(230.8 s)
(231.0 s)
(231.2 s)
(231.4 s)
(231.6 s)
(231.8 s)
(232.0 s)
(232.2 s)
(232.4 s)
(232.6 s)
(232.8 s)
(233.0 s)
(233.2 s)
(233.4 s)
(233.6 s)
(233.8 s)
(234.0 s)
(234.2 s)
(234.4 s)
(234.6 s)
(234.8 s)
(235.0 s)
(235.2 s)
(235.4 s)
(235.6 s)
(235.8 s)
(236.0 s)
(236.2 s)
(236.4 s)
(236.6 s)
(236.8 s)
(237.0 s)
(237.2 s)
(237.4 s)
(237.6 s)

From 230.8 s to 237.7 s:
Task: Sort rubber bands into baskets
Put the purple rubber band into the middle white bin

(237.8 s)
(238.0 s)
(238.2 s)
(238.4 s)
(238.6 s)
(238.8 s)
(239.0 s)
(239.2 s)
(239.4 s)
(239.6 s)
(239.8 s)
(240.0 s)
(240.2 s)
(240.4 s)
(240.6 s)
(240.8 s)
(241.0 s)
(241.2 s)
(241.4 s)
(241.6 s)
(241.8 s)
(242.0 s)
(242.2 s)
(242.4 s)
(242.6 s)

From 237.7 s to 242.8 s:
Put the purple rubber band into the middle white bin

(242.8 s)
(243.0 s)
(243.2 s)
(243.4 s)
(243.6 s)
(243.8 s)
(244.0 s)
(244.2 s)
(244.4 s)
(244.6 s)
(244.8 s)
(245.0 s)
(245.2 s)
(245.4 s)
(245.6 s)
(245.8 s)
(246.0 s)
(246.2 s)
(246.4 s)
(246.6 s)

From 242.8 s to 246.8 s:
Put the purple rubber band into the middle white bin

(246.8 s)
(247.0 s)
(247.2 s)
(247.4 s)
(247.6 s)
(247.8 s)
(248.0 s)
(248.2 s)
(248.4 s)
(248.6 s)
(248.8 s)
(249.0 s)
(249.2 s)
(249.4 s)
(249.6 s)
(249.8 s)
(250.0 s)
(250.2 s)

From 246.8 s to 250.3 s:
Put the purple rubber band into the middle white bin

┄┄┄┄┄┄┄┄┄┄┄┄┄┄┄┄┄┄┄┄

(ACTIVITY): Please output the complete listing without any alteration.

(THE ANSWER):
(230.8 s)
(231.0 s)
(231.2 s)
(231.4 s)
(231.6 s)
(231.8 s)
(232.0 s)
(232.2 s)
(232.4 s)
(232.6 s)
(232.8 s)
(233.0 s)
(233.2 s)
(233.4 s)
(233.6 s)
(233.8 s)
(234.0 s)
(234.2 s)
(234.4 s)
(234.6 s)
(234.8 s)
(235.0 s)
(235.2 s)
(235.4 s)
(235.6 s)
(235.8 s)
(236.0 s)
(236.2 s)
(236.4 s)
(236.6 s)
(236.8 s)
(237.0 s)
(237.2 s)
(237.4 s)
(237.6 s)

From 230.8 s to 237.7 s:
Task: Sort rubber bands into baskets
Put the purple rubber band into the middle white bin

(237.8 s)
(238.0 s)
(238.2 s)
(238.4 s)
(238.6 s)
(238.8 s)
(239.0 s)
(239.2 s)
(239.4 s)
(239.6 s)
(239.8 s)
(240.0 s)
(240.2 s)
(240.4 s)
(240.6 s)
(240.8 s)
(241.0 s)
(241.2 s)
(241.4 s)
(241.6 s)
(241.8 s)
(242.0 s)
(242.2 s)
(242.4 s)
(242.6 s)

From 237.7 s to 242.8 s:
Put the purple rubber band into the middle white bin

(242.8 s)
(243.0 s)
(243.2 s)
(243.4 s)
(243.6 s)
(243.8 s)
(244.0 s)
(244.2 s)
(244.4 s)
(244.6 s)
(244.8 s)
(245.0 s)
(245.2 s)
(245.4 s)
(245.6 s)
(245.8 s)
(246.0 s)
(246.2 s)
(246.4 s)
(246.6 s)

From 242.8 s to 246.8 s:
Put the purple rubber band into the middle white bin

(246.8 s)
(247.0 s)
(247.2 s)
(247.4 s)
(247.6 s)
(247.8 s)
(248.0 s)
(248.2 s)
(248.4 s)
(248.6 s)
(248.8 s)
(249.0 s)
(249.2 s)
(249.4 s)
(249.6 s)
(249.8 s)
(250.0 s)
(250.2 s)

From 246.8 s to 250.3 s:
Put the purple rubber band into the middle white bin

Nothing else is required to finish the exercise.